- _Directions_: Word for word, restate the listing; omit the pictures.

- _Materials provided_:
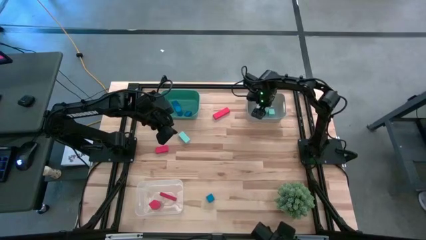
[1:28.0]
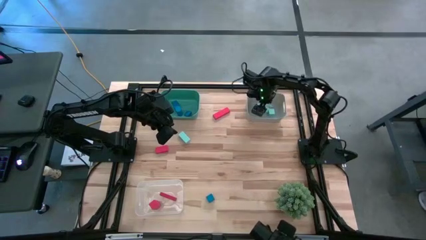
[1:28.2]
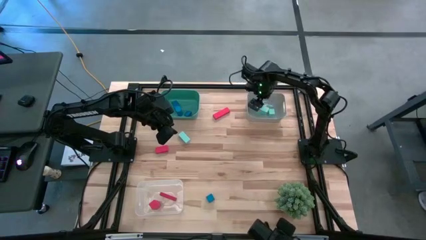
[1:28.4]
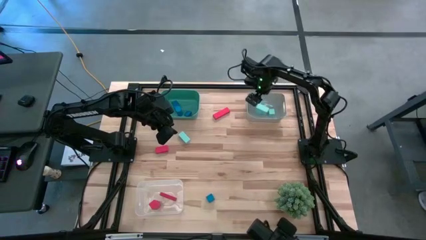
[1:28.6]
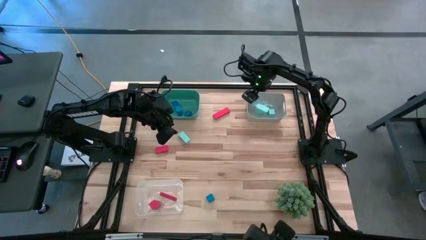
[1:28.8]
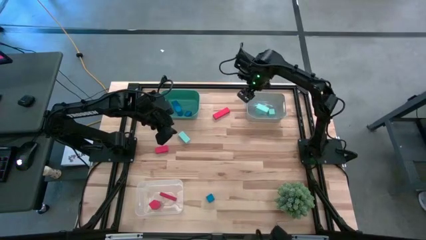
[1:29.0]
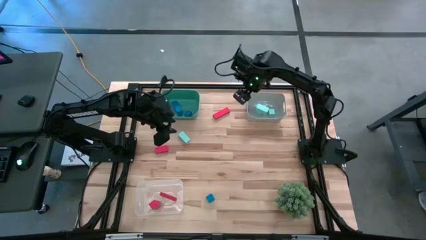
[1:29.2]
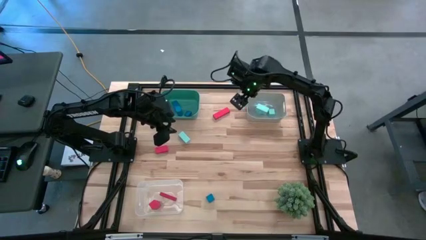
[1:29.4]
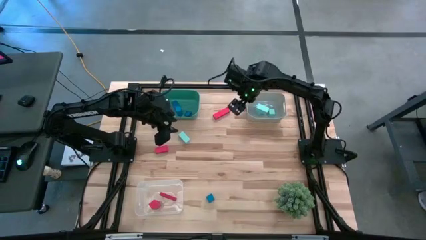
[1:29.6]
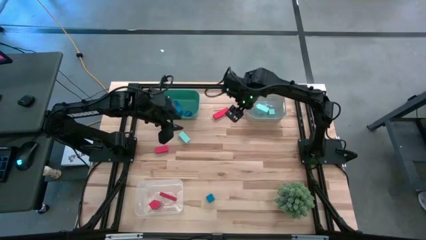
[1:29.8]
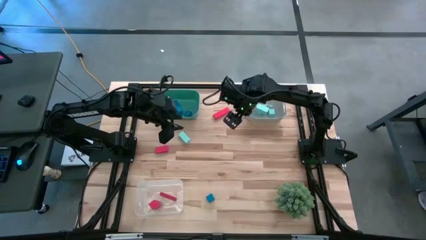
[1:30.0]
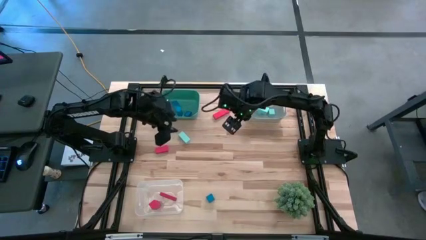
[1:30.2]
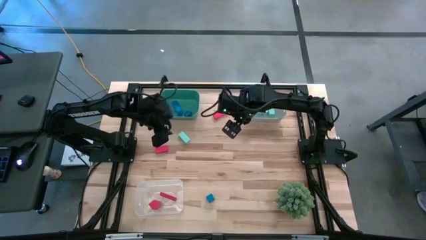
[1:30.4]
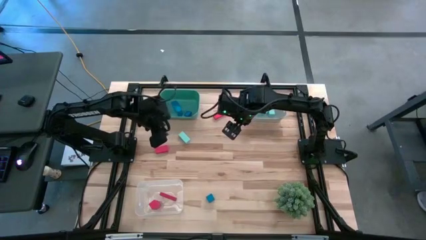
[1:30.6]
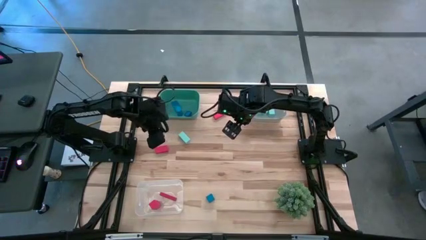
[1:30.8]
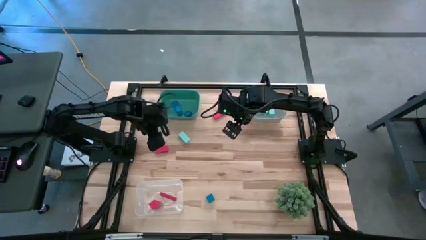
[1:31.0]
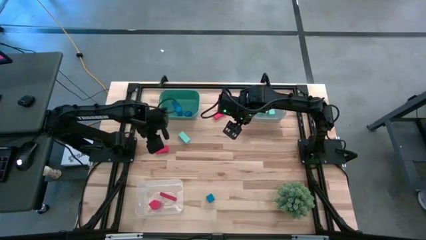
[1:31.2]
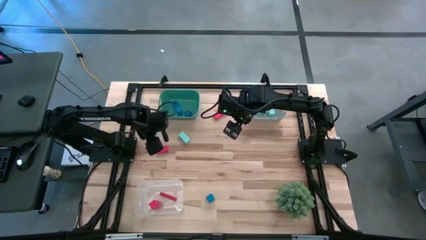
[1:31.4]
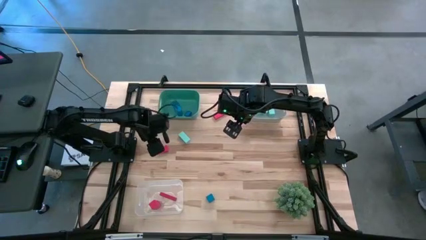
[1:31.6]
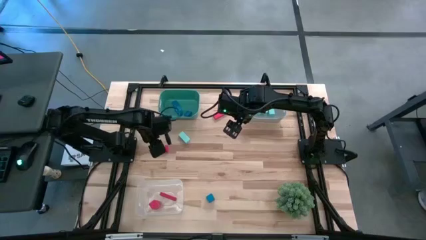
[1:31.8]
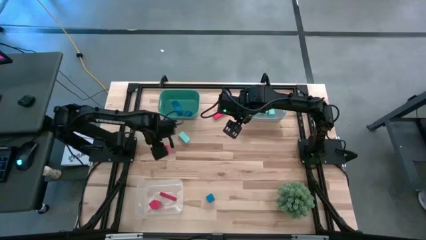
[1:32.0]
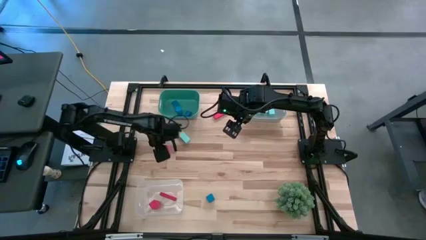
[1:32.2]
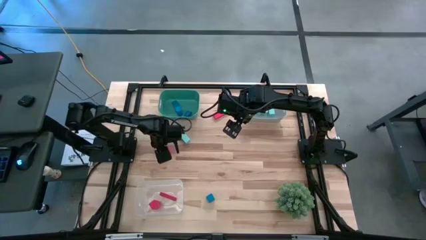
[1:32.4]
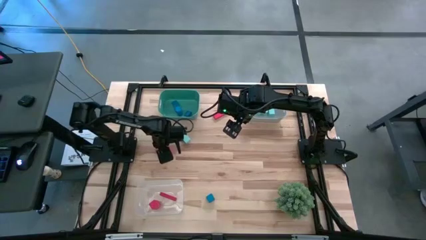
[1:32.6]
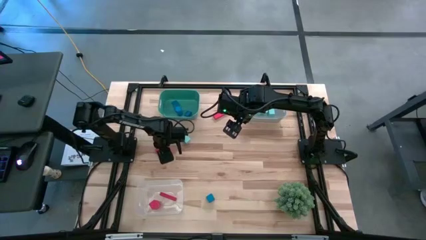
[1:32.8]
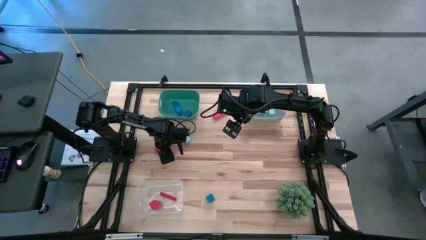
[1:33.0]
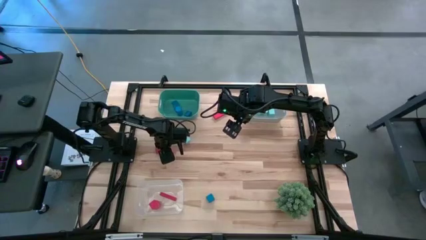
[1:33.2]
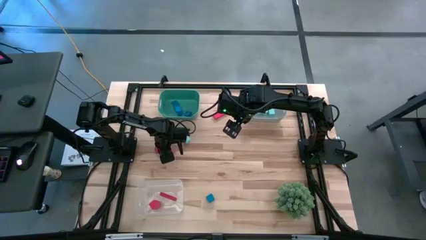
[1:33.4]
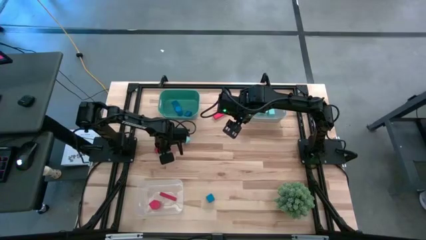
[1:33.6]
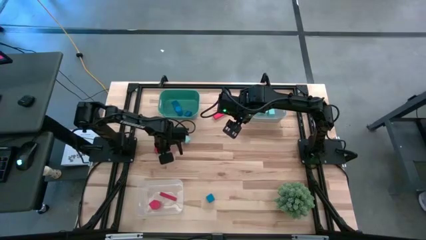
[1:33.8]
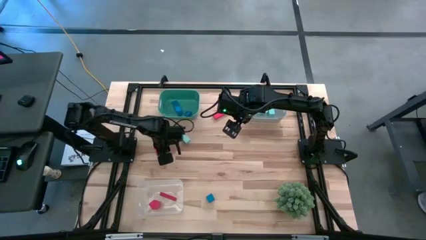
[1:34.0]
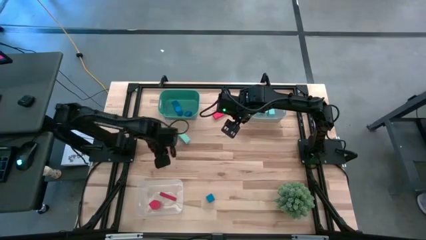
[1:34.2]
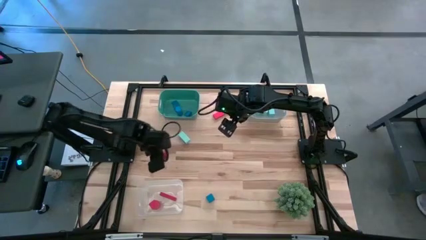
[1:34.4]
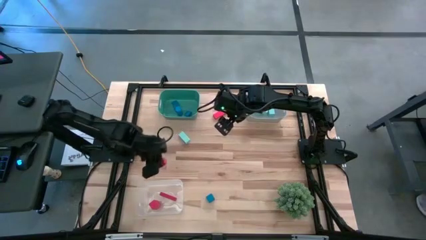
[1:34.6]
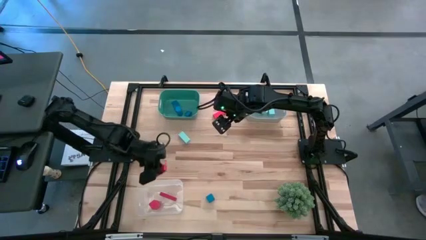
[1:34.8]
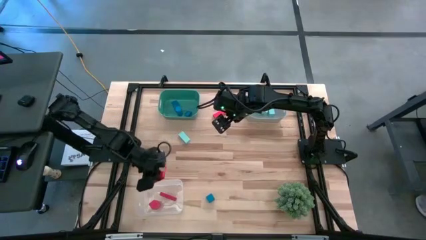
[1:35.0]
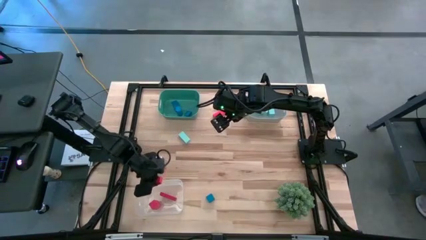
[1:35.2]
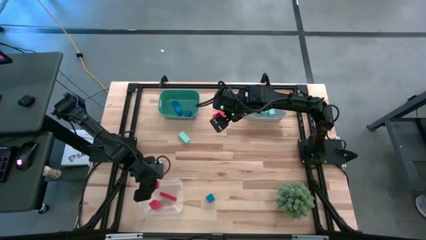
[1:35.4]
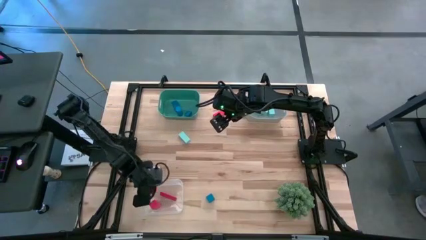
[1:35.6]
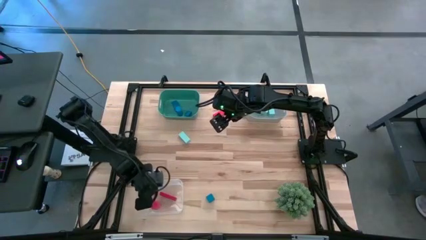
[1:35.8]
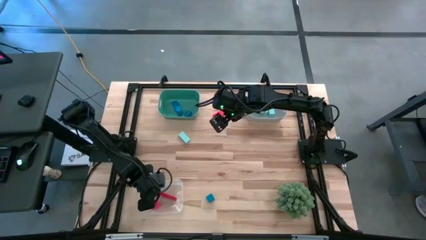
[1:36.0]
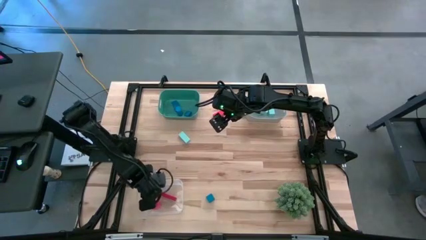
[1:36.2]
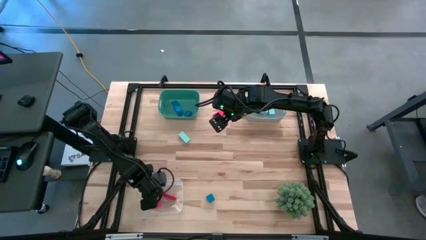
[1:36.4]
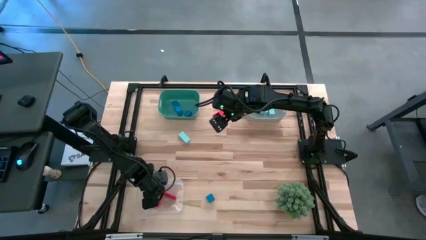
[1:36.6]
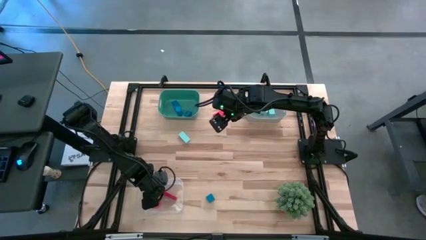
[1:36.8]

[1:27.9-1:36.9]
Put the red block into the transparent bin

- _Result of this task_:
[1:28.0]
[1:28.2]
[1:28.4]
[1:28.6]
[1:28.8]
[1:29.0]
[1:29.2]
[1:29.4]
[1:29.6]
[1:29.8]
[1:30.0]
[1:30.2]
[1:30.4]
[1:30.6]
[1:30.8]
[1:31.0]
[1:31.2]
[1:31.4]
[1:31.6]
[1:31.8]
[1:32.0]
[1:32.2]
[1:32.4]
[1:32.6]
[1:32.8]
[1:33.0]
[1:33.2]
[1:33.4]
[1:33.6]
[1:33.8]
[1:34.0]
[1:34.2]
[1:34.4]
[1:34.6]
[1:34.8]
[1:35.0]
[1:35.2]
[1:35.4]
[1:35.6]
[1:35.8]
[1:36.0]
[1:36.2]
[1:36.4]
[1:36.6]
[1:36.8]

[1:27.9-1:36.9]
Put the red block into the transparent bin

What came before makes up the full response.